Theresa May's helplessness is a direct function of the fact that her party is too divided to accurately reflect the majority view of the major corporations, which is steadfastly in favour of membership of the European Union.
But the government’s attempt to escape the sword of Damocles is unlikely to be successful.
It’s one thing to shelve Plan A if you have a Plan B. But May’s statement to the Commons made it absolutely clear that the very best she can hope for from the European Union is some more ‘assurances’ over the Northern Ireland backstop.
But, firstly, there is no real evidence that the only objection to her deal is to do with that backstop.

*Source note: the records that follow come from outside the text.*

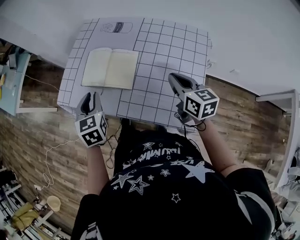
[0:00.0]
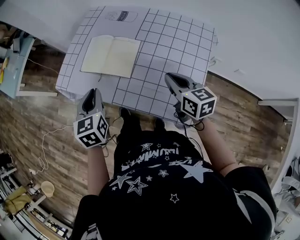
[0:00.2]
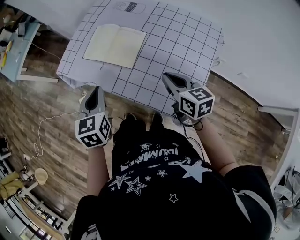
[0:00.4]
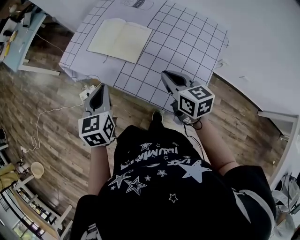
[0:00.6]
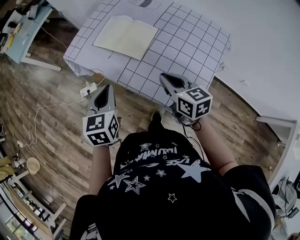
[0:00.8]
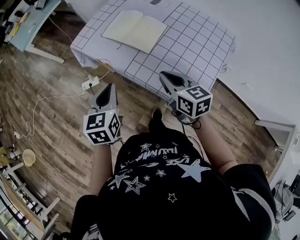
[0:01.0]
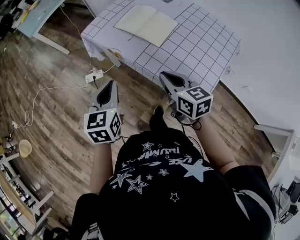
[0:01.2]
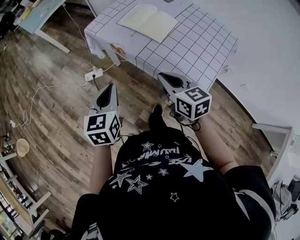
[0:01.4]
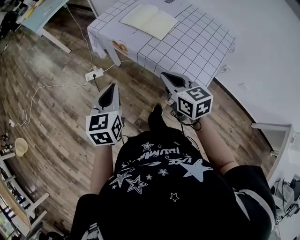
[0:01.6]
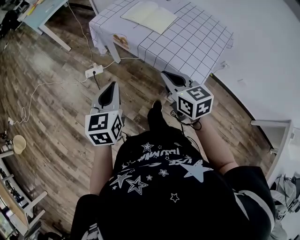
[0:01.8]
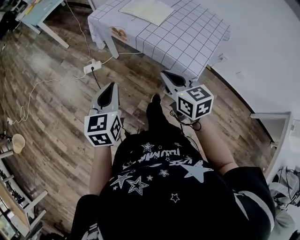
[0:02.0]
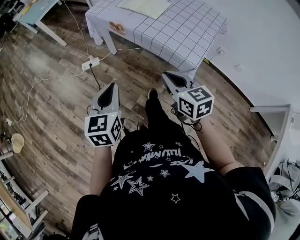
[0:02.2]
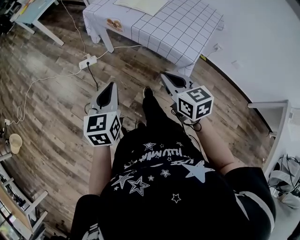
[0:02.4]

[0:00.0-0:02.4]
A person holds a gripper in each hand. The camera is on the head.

Many of her own MPs, both Remainers and Brexiteers, have much wider objections than that. It is highly unlikely that they will become enthusiastic supporters of the deal simply because the EU increases the number of meaningless reassuring flourishes to the text already on offer.
And even if the Northern Ireland backstop were the only, or the main, objection that many MPs have, it is absolutely clear that May believes that the backstop will be part of any deal when it eventually makes its way to the floor of the House of Commons.
So what we have here is delay with no purpose. There will be no new deal, and no substantive change to the Northern Ireland backstop.
Meanwhile, with every day that passes, a government consumed by the divisions within its own party is signally failing to govern the country.
It is now a daily occurrence to find new reports of record poverty, inequality, cuts, austerity, falling wages, and imperilled services dominating the press.
In every corner of the country, in every working class community, desperation is growing. Alongside it, there is frank incredulity that the government could take so long to achieve so little.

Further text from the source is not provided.